Christoph Simon, un auteur suisse à la Foire internationale du Livre de Guadalajara. Keystone/Bilgerverlag

La Foire internationale du Livre (FIL) de Guadalajara (Mexique) a accueilli une réflexion poétique venue de Suisse sur l’art de la promenade comme manière de découvrir le monde...

Originaire de Langnau, Christoph Simon y a lu des extraits de son œuvre. L’une des jeunes voix de la littérature suisse – il est né en 1972 – Christoph Simon a étudié le jazz à Berne avant de devenir un voyageur passionné. Son œuvre comprend cinq romans, un livre pour enfants et un volume de poésie. Simon vit et travaille à Berne.

swissinfo.ch: Vous avez fait vos débuts en 2001. Dix plus tard, vous publiez votre cinquième roman. Comment percevez-vous votre évolution?

Christoph Simon: Mes trois premiers romans avait pour protagonistes des personnages jeunes, entre 20 et 30 ans. C’était des outsiders bons vivants sans attaches familiales. Dans mon dernier roman, j’embrasse toute la vie d’un protagoniste de 87 ans. Depuis quelque temps, je me dirige vers la narration épique et je m’éloigne de plus en plus du “roman-feuilleton”.

swissinfo.ch: La critique a accueilli votre dernier roman avec enthousiasme.
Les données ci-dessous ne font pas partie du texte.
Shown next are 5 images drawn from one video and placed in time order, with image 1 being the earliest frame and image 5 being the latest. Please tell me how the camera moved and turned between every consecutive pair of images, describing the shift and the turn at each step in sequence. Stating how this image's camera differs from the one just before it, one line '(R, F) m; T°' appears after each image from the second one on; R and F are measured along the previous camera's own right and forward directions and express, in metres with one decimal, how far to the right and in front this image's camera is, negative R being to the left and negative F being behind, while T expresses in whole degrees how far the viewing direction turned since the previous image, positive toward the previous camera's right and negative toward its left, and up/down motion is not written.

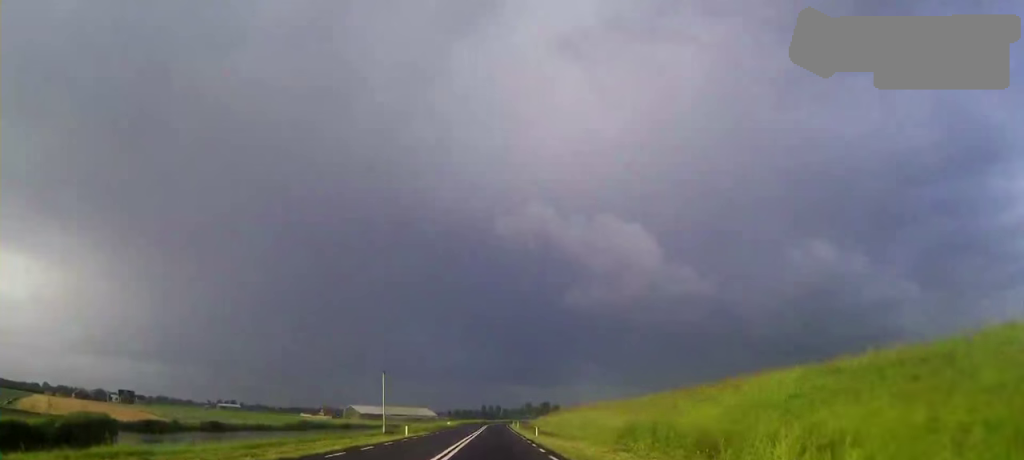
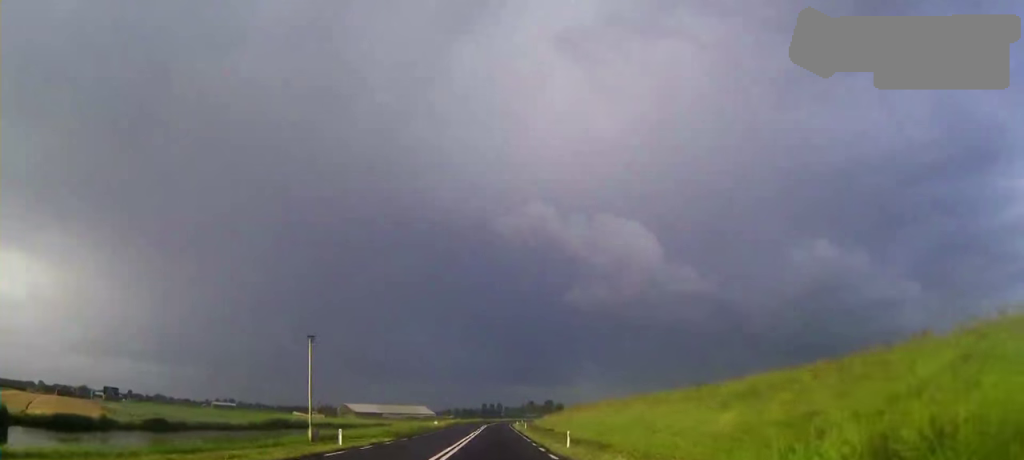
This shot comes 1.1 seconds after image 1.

Vous attendiez-vous a un tel accueil? Quelle importance a pour vous la critique?

C.S: Ces réactions positives m’ont soulagé. Je sais que c’est un cliché mais pendant trois ans, je me suis vraiment donné à fond pour ce roman. Je suis heureux que ces efforts soient récompensés. J’ai mis tout ce que je pouvais d’amour, d’esprit et de raison dans ce livre et je craignais qu’il soit perçu comme provincial ou niais.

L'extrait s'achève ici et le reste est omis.